Other virulence and prognostic factors in S. aureus infections that have taken a leading role are the expression and function of certain genes. The dysfunction of accessory gene regulator (agr), has been found to possibly play a key role in MRSA virulence, and seems related to vancomycin resistance. The agr locus is in charge of regulating the expression of certain virulence genes and other constitutive genes, required for the maintenance of basic cellular function. The overexpression of agr increases the toxin production and reduces the expression of cell surface adhesins[6]. The agr locus dysfunction has been associated with reduced vancomycin susceptibility[82], persistent MRSA bacteraemia[58,83], and increased mortality[84], and has been considered a subrogated marker of health-care associated situations. However more studies and investigations are needed to establish the impact of these findings and the possible consequences derived in daily clinical practice (treatment modifications it could imply, invasive procedures to asses, etc.).

Overall, there seems to be numerous studies and data indicating that elevated vancomycin MIC in both methicillin resistant and sensitive VSSA, could be a subrogated virulence marker, however, these results are yet controversial, and have not been universally proven. In this realm of controversy, evidence based clinical decisions seem like an arduous and complicated task.

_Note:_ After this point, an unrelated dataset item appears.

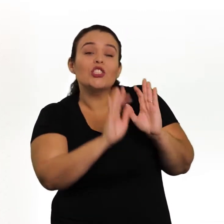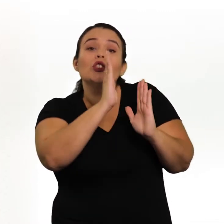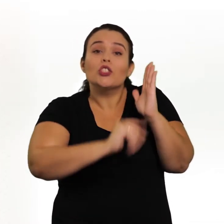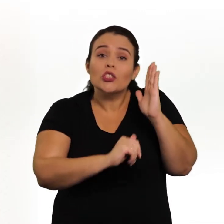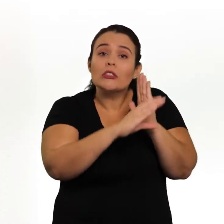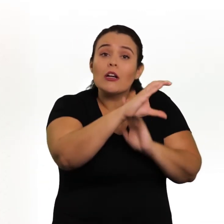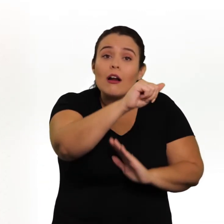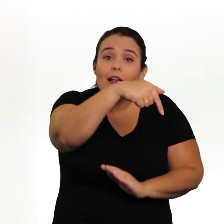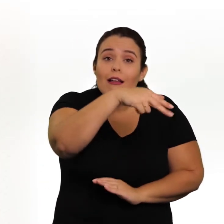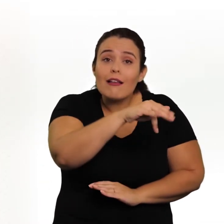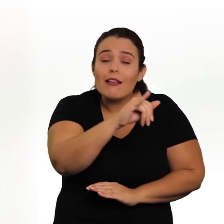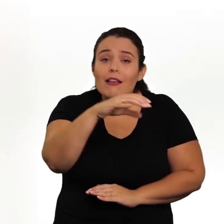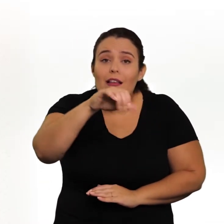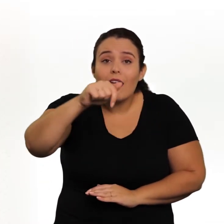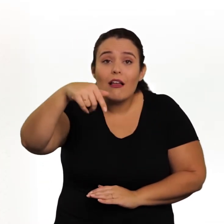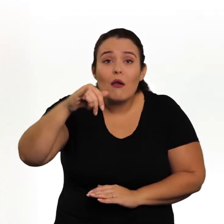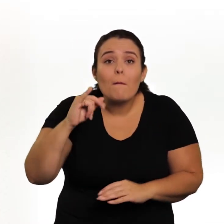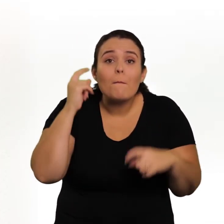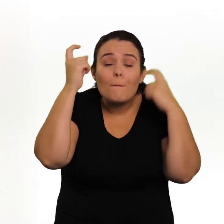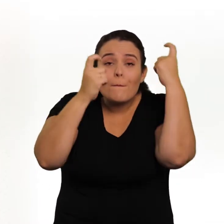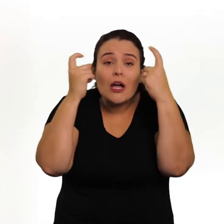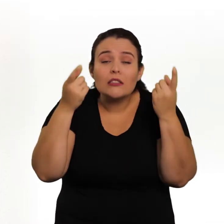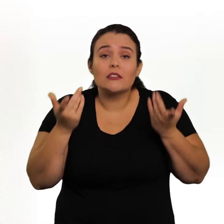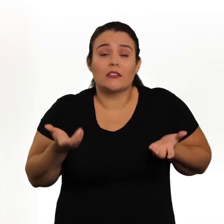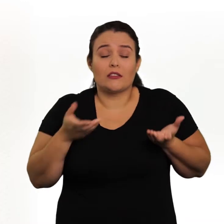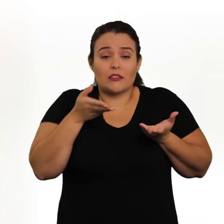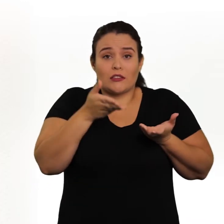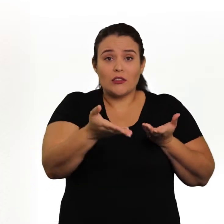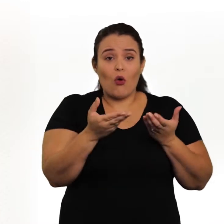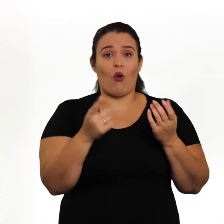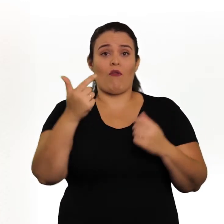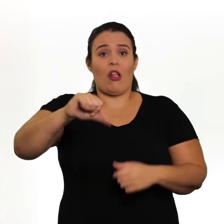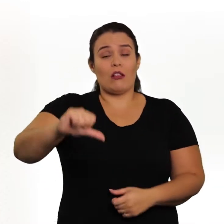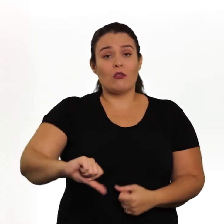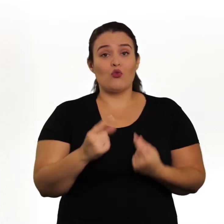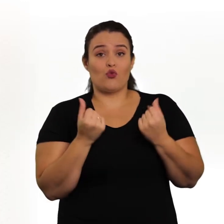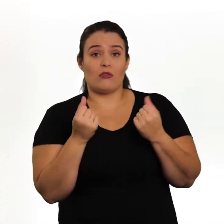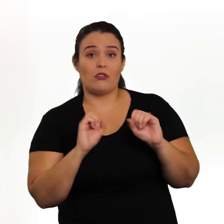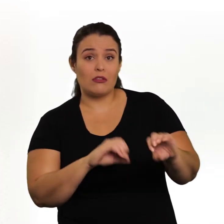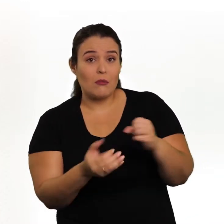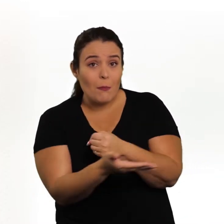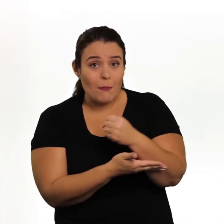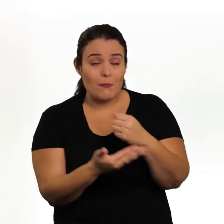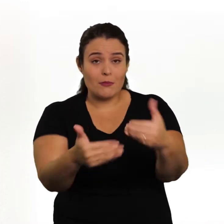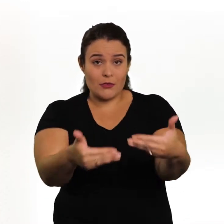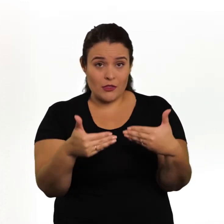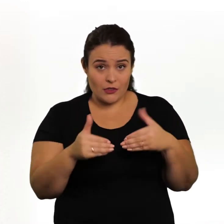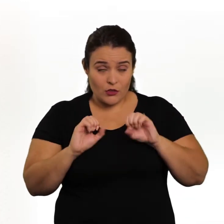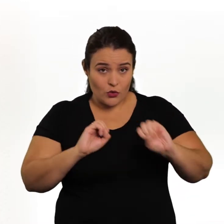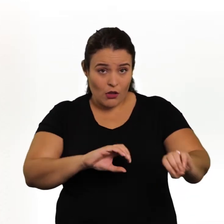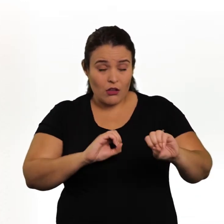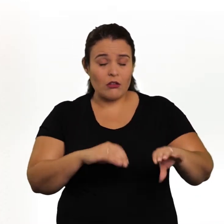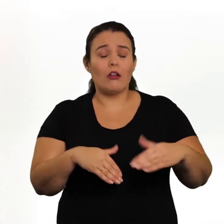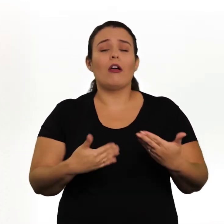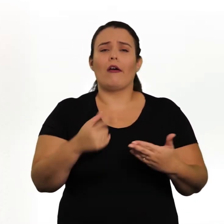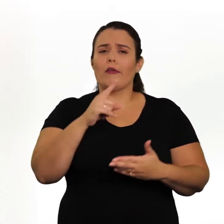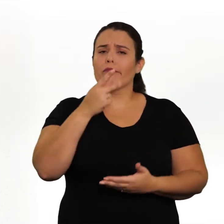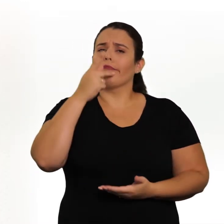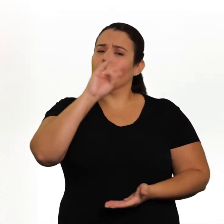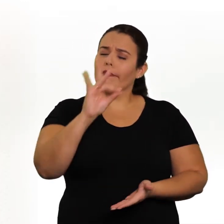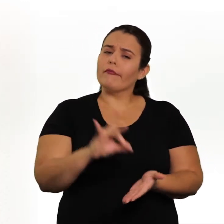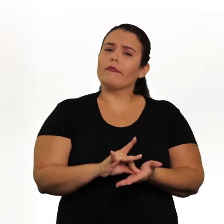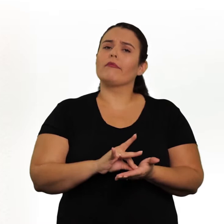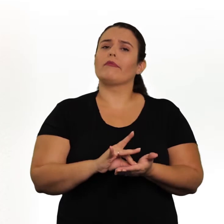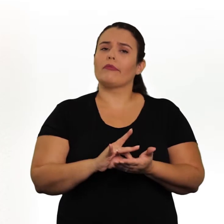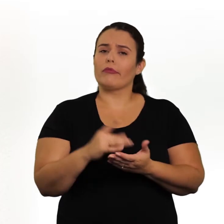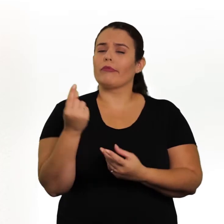2019, retirando o CAQI-CAQI das preocupações do Comitê Permanente de Avaliação de Custos na Educação Básica do Ministério da

Clinical approach to S. aureus with > 1.5 vancomycin MIC infections

Up to now, there is no evidence-based unified clinical approach for patients with S. aureus infections that have an elevated vancomycin MIC within the sensitivity thresholds (MIC ≥ 1.5 μg/mL). If the decision were to use vancomycin, it seems crucial to beware of the different formulas to attain adequate AUC/MIC targets. More studies are needed to consider the contrasting efficacy of other antibiotic treatments in this situation (Table 2).

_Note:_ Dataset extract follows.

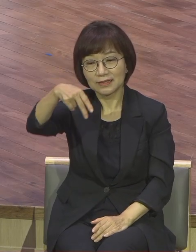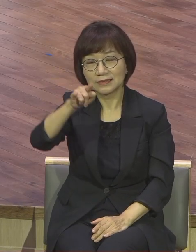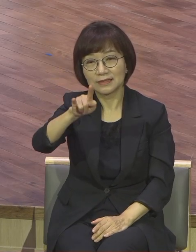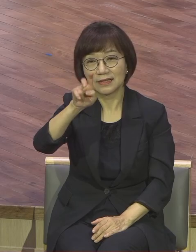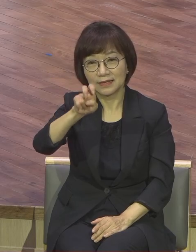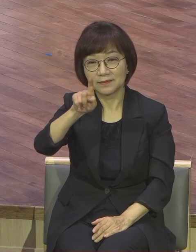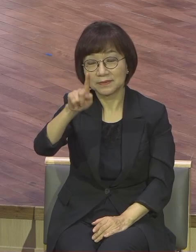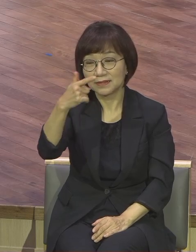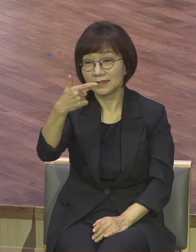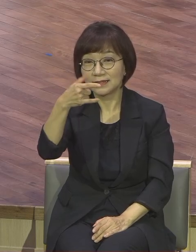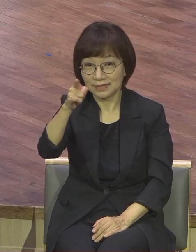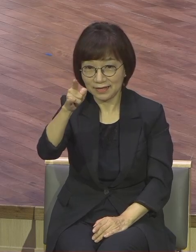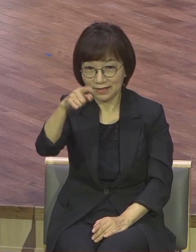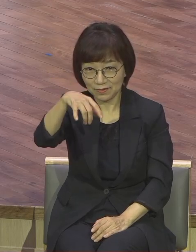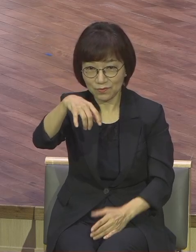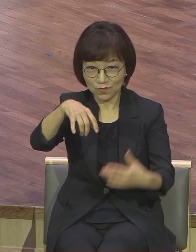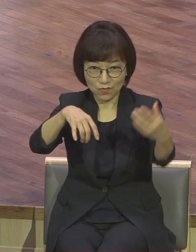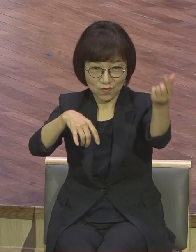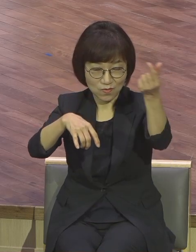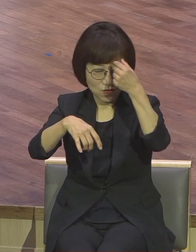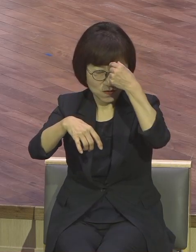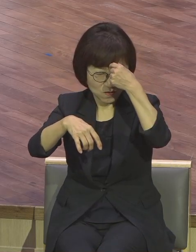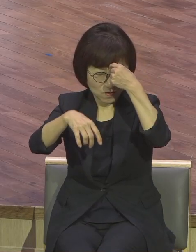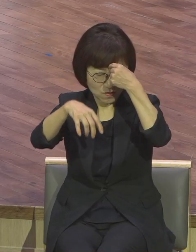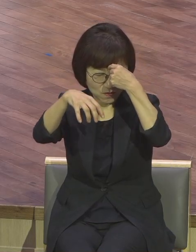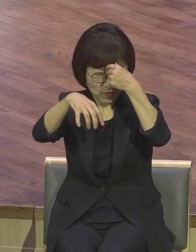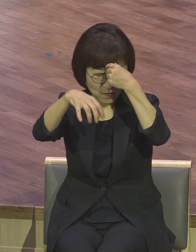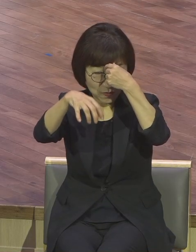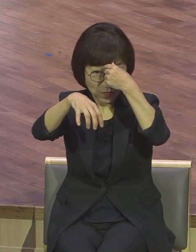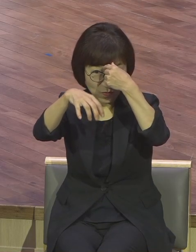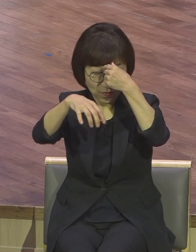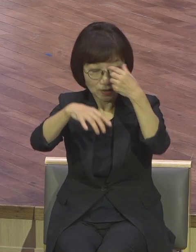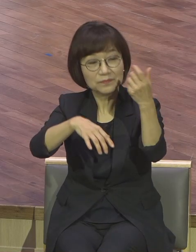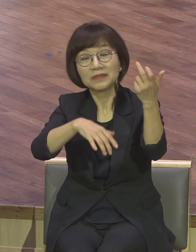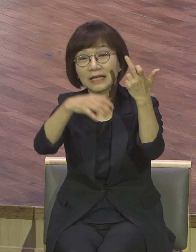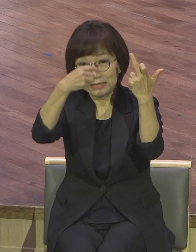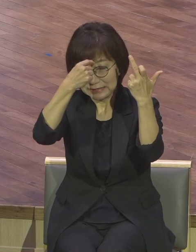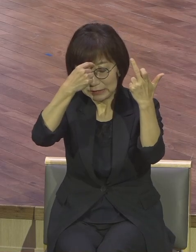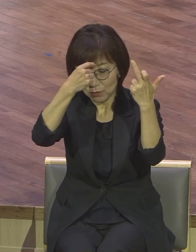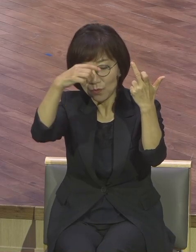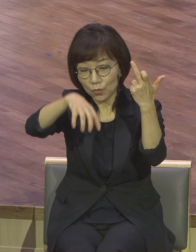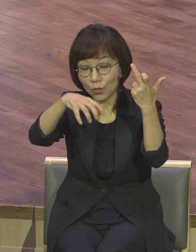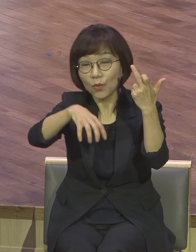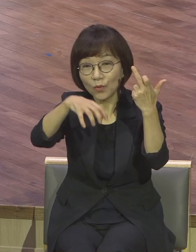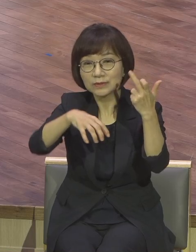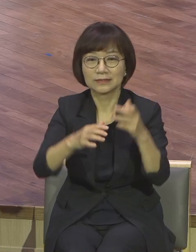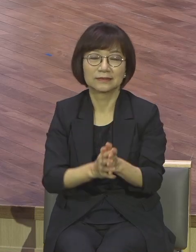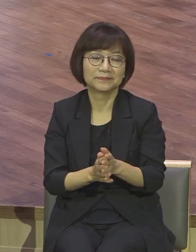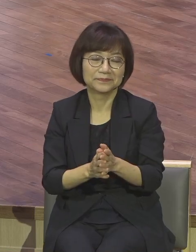내용입니다 예수님께서 이 땅에 오신 궁극적인 목적이 뭐냐

Table 2 Treatment recommendations in Staphylococcus aureus with reduced vancomycin susceptibility infections1.
General recommendations
Removal of indwelling hardware (prosthetic devices, surgical material, intravascular catheter, etc.)
Surgical debridement of infected wounds and abscess drainage Follow specific guidelines and local protocols, based on infection site, for treatment duration decisions
Antibiotic treatment considerations
VancomycinIf used aim: AUC0-24/MIC ≥ 400 or trough blood concentrations of 15-20 mg/L Careful monitoring of renal function is imperative
DaptomycinBactericidal. Good results with VISA and VRSA endovascular infections Consider administration of higher doses (i.e., 10 mg/kg per day) in severe infections and if vancomycin MIC > 2 μg/mL (including VISA)2 Consider synergic combinations (i.e., cloxacillin, aminoglycosides, betalactans, fosfomycin) in infections involving high inoculum (as in IE) and prosthetic devises It is inhibited by pulmonary surfactant, therefore should be avoided in SA respiratory or lung infections Monitor CK and liver function
LinezolidBacteriostatic Protein synthesis inhibitor. Inhibits bacterial toxin synthesis High tissue bioavailability Good results in SSTI and pneumonia (including VAP) Oral formulation with similar bioavailability Myelotoxicity: Monitor CBC Severe interactions with SSRIs and MAOIs, must not be given simultaneously
TigecyclineLow plasma concentrations. Bacteriostatic. Avoid monotherapy

The possibility of it being a surrogated virulence marker possibly implies these cases should be up-scored in the severity scale, and this awareness should be maintained for clinical decision-making. Current recommendations include patient isolation and infection control policies, similar to other cases of multi-drug resistant microorganisms infections or colonization (Table 3)[7]. However there are no present studies that define specific indications or clinical algorithms in these cases.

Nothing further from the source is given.